Stereotype. Stereotyping, a process in which a whole page of type is cast in a single mold so that a printing plate can be made from it, was invented by William Ged, a Scottish goldsmith, in 1725, Until the invention of the stereotype printing type had to be reset if a second printing was to be made. Ged took a plaster mold of the type and then cast the whole page in metal. He was also the inventor of the "Lost Wax" process of metal casting, used for reproducing delicate designs, especially in the jewellery trade. Stereotyping, all though invented by Ged in 1725, was reintroduced in 1784 by Alexander Tilloch, who improved upon the method of stereotyping.

In the social sciences, humanities, and journalism, stereotypes are usually defined as simplifying generalizations people use when they think about and/or act toward other individuals or groups. They help people systematize their thinking about other groups or individuals by providing them with ready-made images or list of attributes that purportedly reflect "the true essence" of other groups. Stereotypes do not take into account the many differences that exist among the individual members of the group. Since stereotypes are such handy and useful mental "short-cuts" they are pervasive in all cultures. They are found in myths, legends, everyday stories, painting, jokes, cartoons, even music. However, even if they are intended as harmless and joking cataloguing devices (as they often are), they usually have pernicious social effects. Those who use them hamper their own ability to develop more accurate, concrete, and empathetic understanding of other groups or individuals. Those who are targets of stereotyping are often also victims of PREJUDICE and DISCRIMINATION. In extreme situations, stereotypes are used to incite and justify violence; they can be turned into deadly weapons.

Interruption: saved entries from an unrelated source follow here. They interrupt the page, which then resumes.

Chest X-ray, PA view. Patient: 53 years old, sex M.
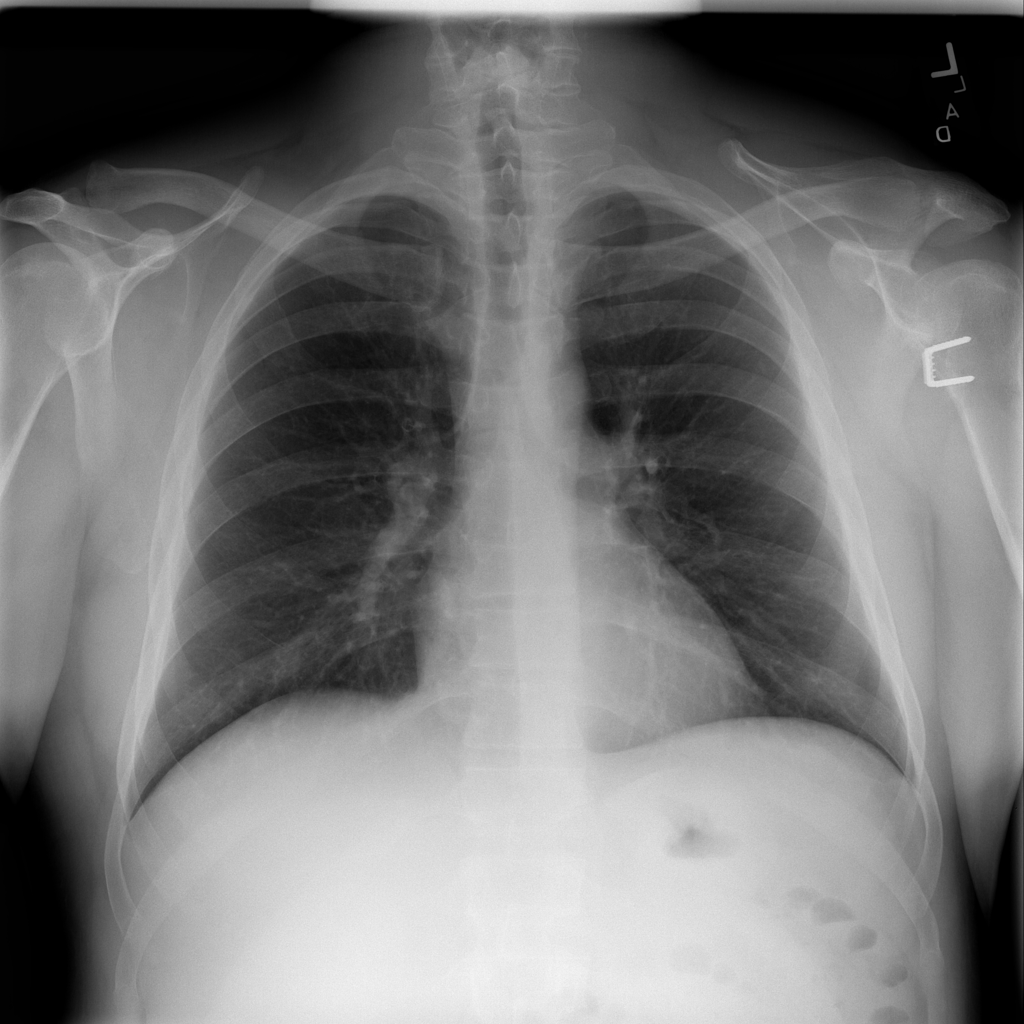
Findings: No Finding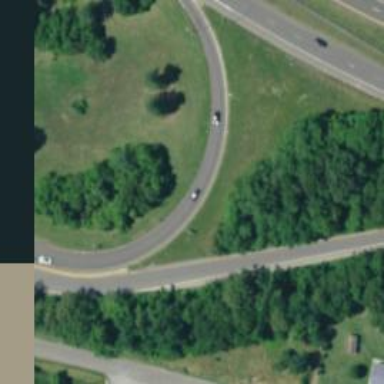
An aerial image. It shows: Trunk link highway.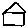
Label: house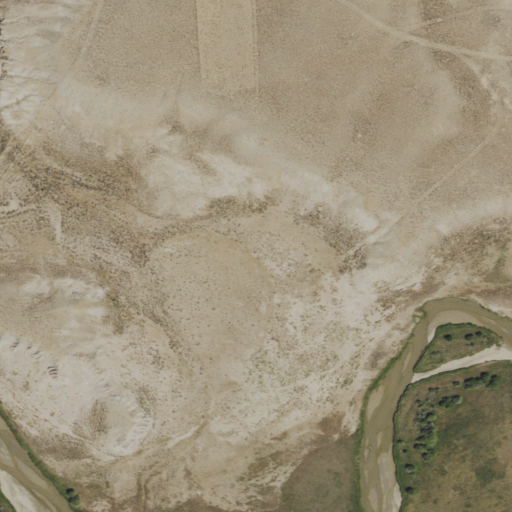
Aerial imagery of valley in Wyoming named Mud Hole Draw containing shrub, herbaceous wetlands, woody wetlands, grassland, and open water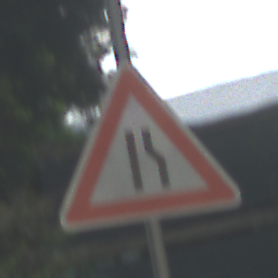
Verkehrszeichen: EinseitigVerengteFahrbahnRechts
Umgebung: Outdoor, Urban
Tageszeit: MorningAfternoon
Wetter: PartlyCloudy
Licht: Natural
Jahreszeit: NotSpecified
Kontrast: LowContrast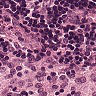
Metastatic tissue present: no
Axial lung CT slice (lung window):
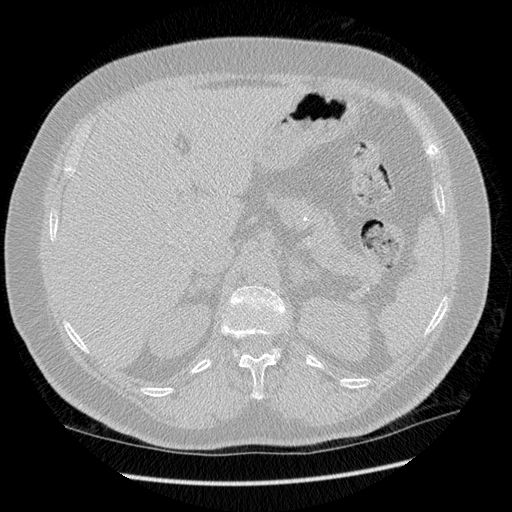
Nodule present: no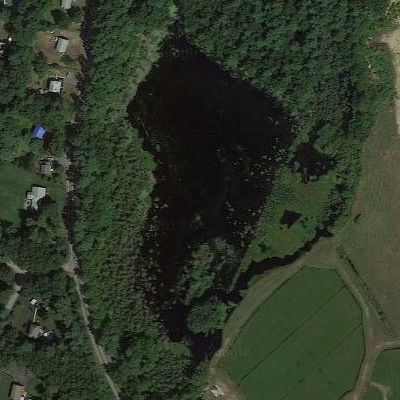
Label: RiverLake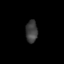
Tissue: skin
Cell type: Others
Senescence score: 0.6921
Nuclear area (px): 261
Mean DAPI intensity: 61.061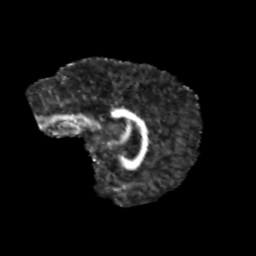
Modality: FA
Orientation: sagittal
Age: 13
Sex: female
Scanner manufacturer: siemens
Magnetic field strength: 3 T
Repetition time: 3.8 s
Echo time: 0.07 s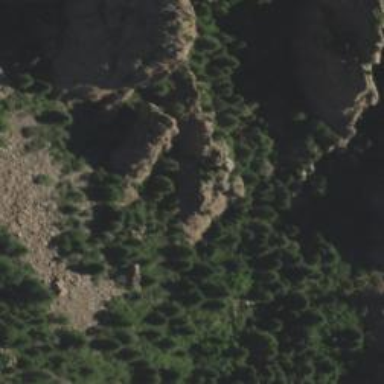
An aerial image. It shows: Natural cliff.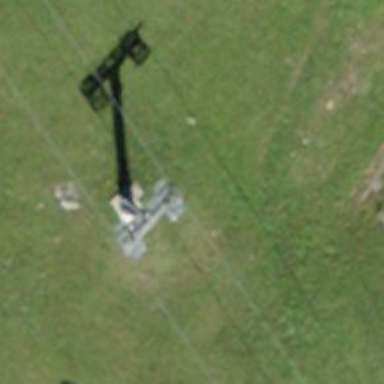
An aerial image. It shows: Pylon used for aerialway.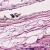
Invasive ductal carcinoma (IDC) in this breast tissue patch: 0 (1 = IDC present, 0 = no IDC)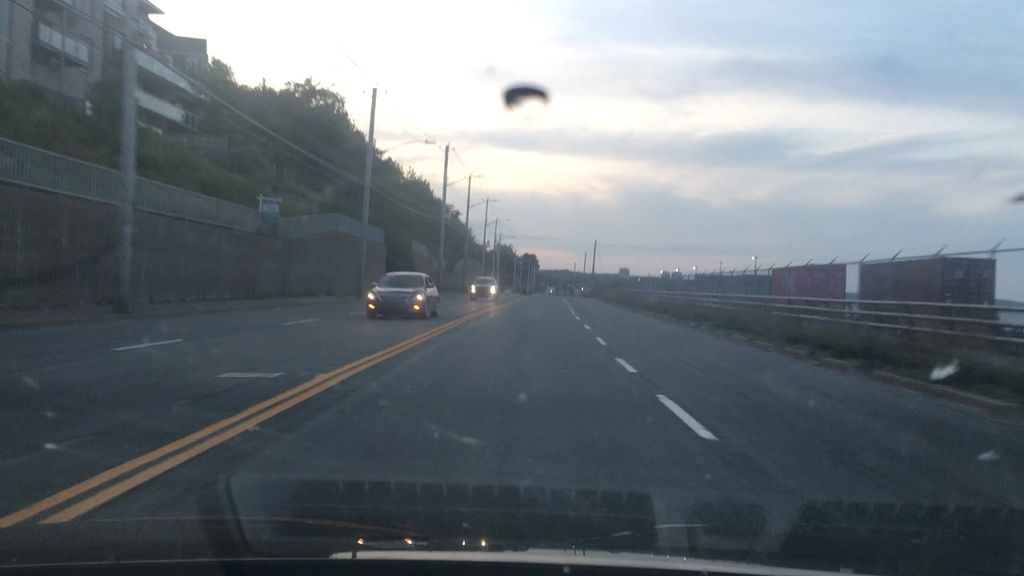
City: halifax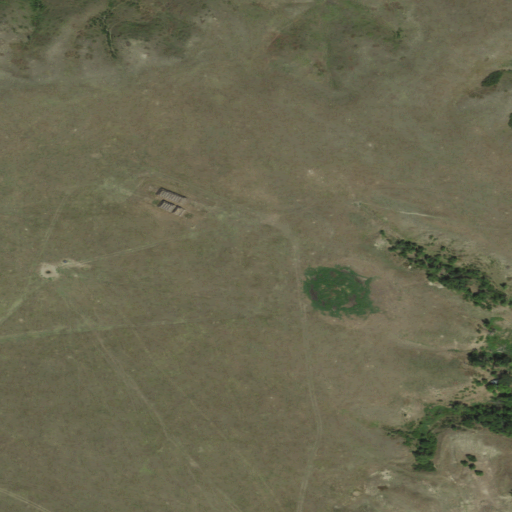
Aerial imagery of plain(s) in South Dakota named Circle P Flats containing grassland and open development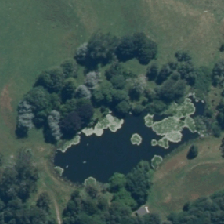
Land cover: lake_pond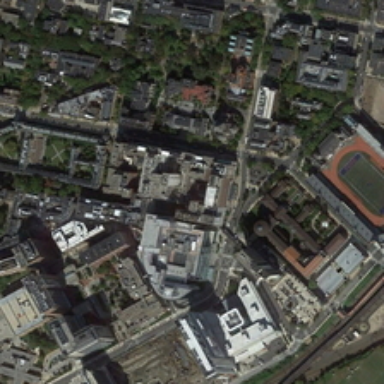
The under the huge buildings has a ground track field .

Examples of definitions of stereotypes:

In sociology: Stereotypes are "preconceived and oversimplified beliefs and expectations about the traits of members of a particular group that do not account for individual differences" (not- Kornblum 565)

In anthropology: "... the concept of stereotyping refers to the creation and consistent application of standardized notions of the cultural distinctiveness of a group. Stereotypes are held by dominated groups as well as by dominating ones, and they are widespread in societies with significant power differences as well as in societies where there is a rough power equilibrium between ethnic groups" (Ericksen 1993:23).